The study did not include an assessment using the Visual Analog Scale (VAS) of the EQ-5D tool. The study population was minimal due to the limited incidence of COVID-19 in the rural setting of a secondary-care hospital in Dakshina Kannada, India. The subjective nature of EuroQol 5D-5L limits the reliability of the information provided. There is a possibility of recall bias while using such retrospective tools. Sensitivity analysis was not performed.

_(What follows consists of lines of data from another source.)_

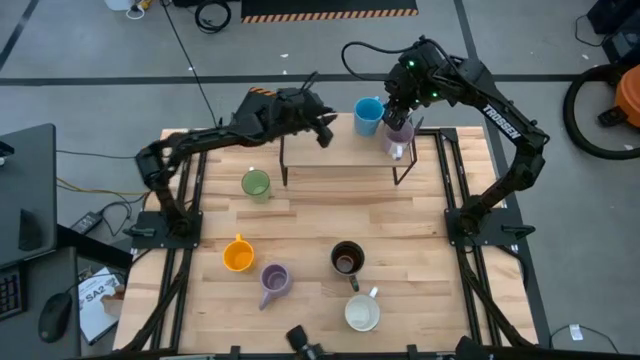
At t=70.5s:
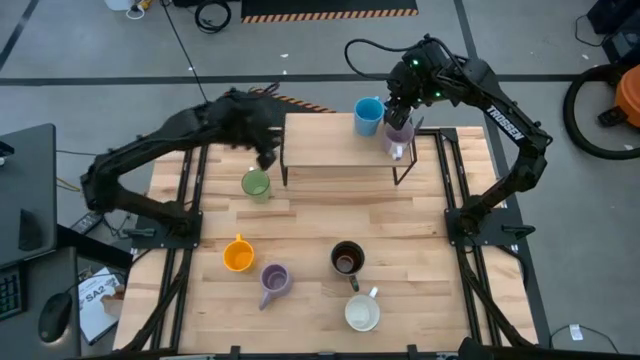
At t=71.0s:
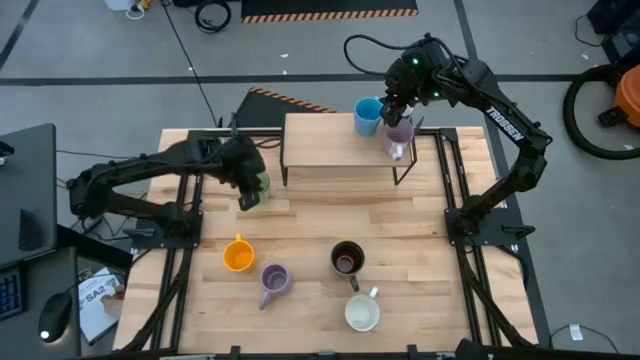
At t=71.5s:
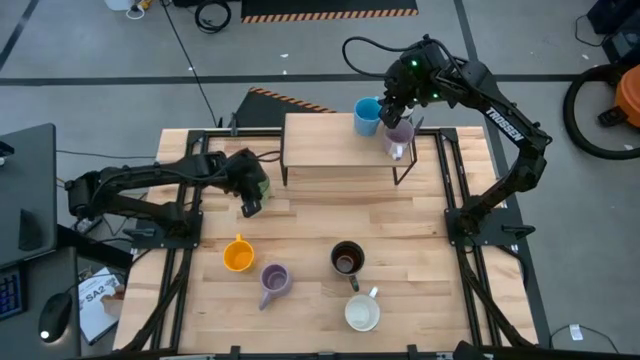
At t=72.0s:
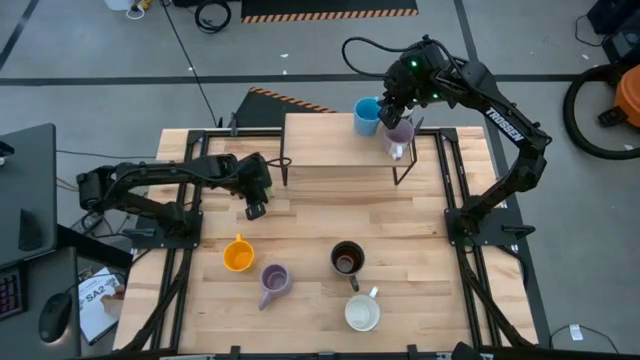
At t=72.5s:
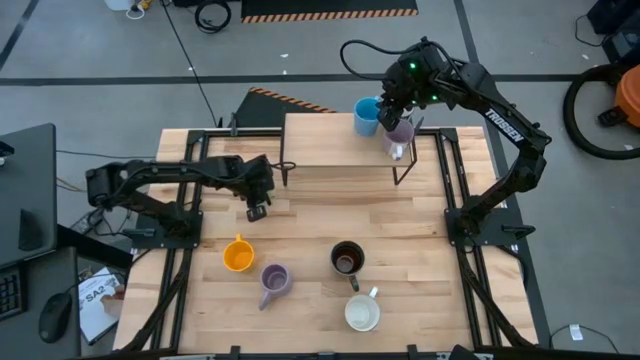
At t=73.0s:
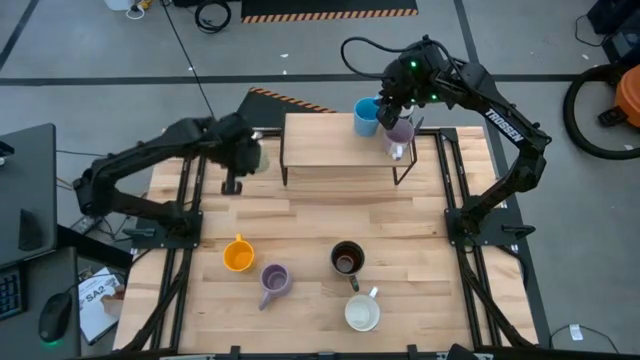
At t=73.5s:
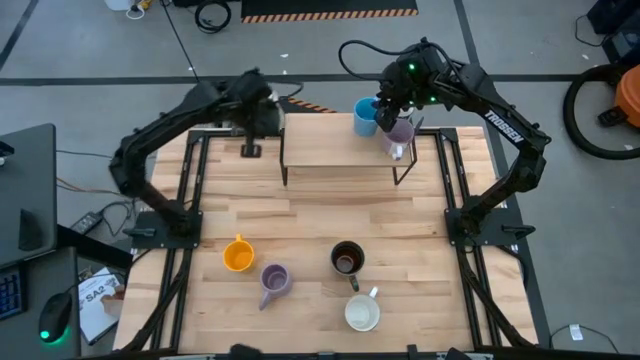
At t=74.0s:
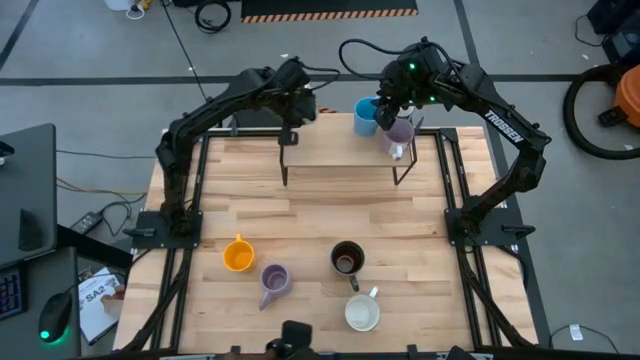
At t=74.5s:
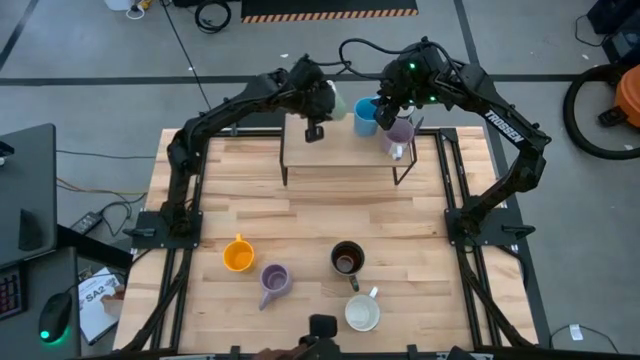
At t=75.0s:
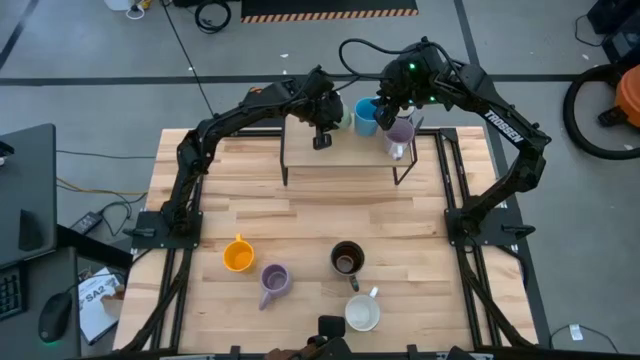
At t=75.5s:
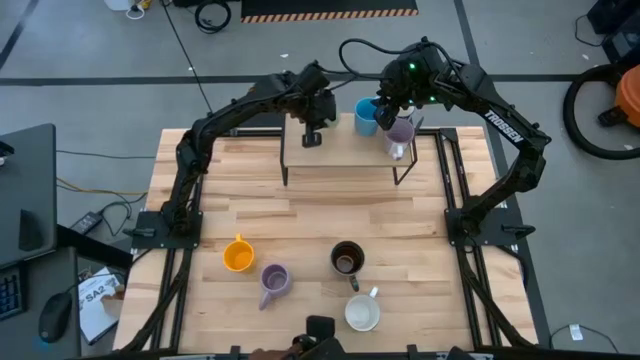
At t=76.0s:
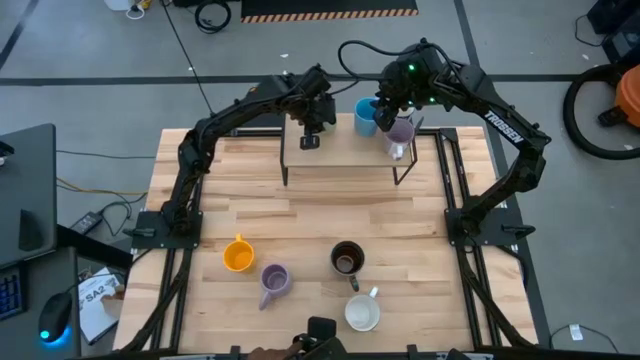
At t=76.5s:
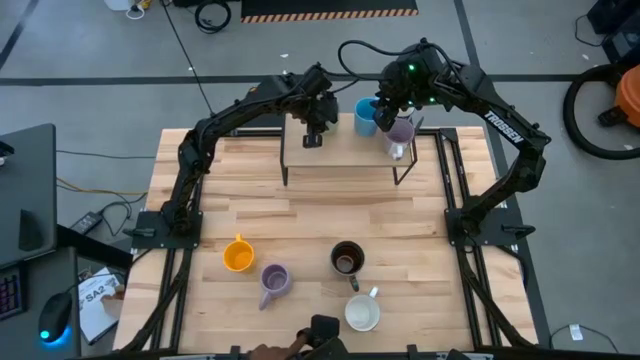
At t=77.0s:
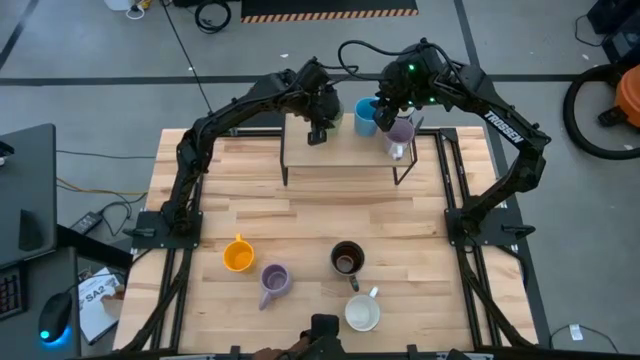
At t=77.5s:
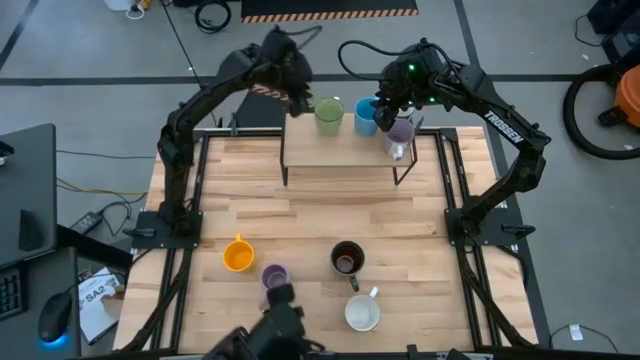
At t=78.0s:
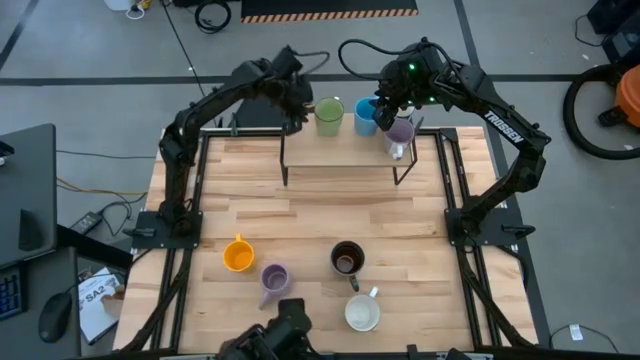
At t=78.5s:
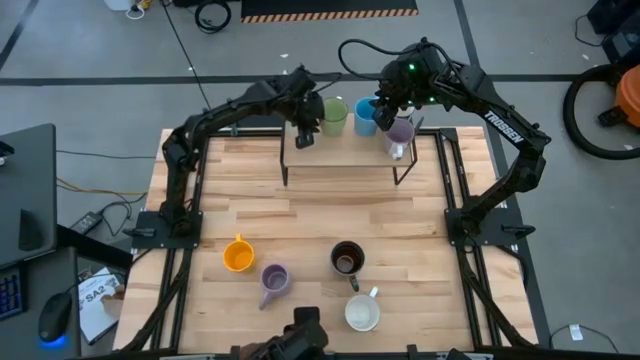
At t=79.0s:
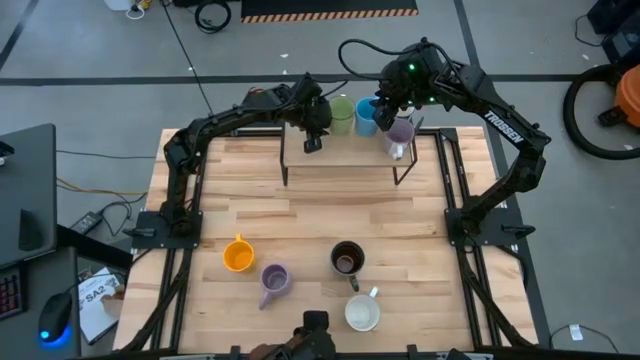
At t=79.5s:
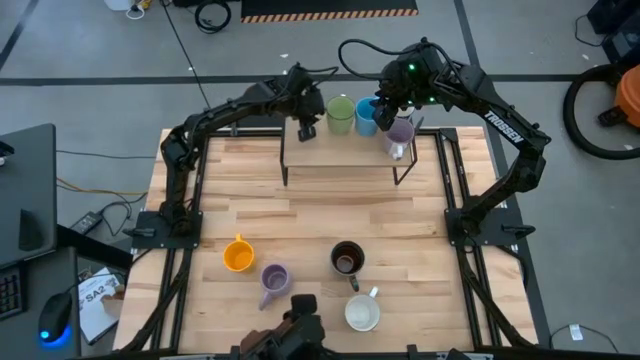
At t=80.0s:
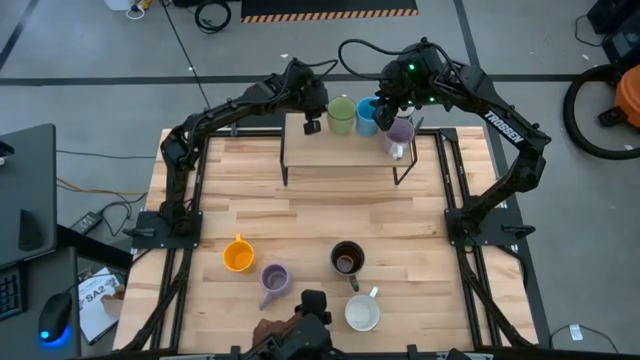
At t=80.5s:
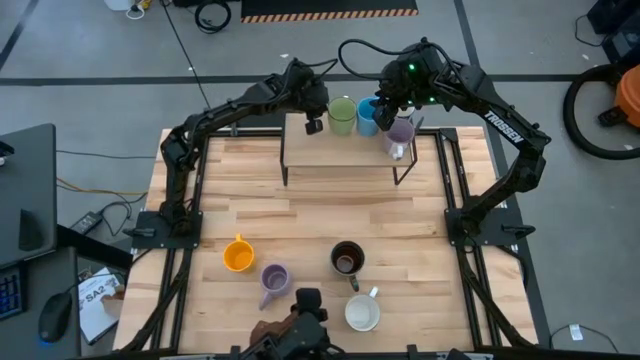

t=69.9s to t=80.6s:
Task: Place coffee mugs
Put the green mug on the shelf

A larger sample size along with the inclusion of the VAS and a baseline assessment of health status before COVID infection/hospitalization could provide stronger associations in a future study. Furthermore, of the 10 respondents absent from the interview, the cause cited was unavailability rather than disability. Hence, the answers provided by the subjects’ family members do not affect the validity of the study.

Conclusion

Quality of life assessment is a much-needed tool to improve the current COVID-19 recovery protocol. Our study found time to have a statistically significant impact on the mean index scores, level sum scores and dimension scores. Age was found to be a significant predictor for different dimensions, varying as per the assessment points. The most remarkable natural improvement occurred in the anxiety/depression dimension. Tobacco smoking status was found to be significantly associated with usual activity scores at 4 weeks. Overall, there was a general trend of improvement in health across all analysis. EQ-5D-5L is a useful tool to assess the health status of post-COVID patients in India.

Funding Statement

The author(s) reported there is no funding associated with the work featured in this article.

Disclosure statement

No potential conflict of interest was reported by the author(s).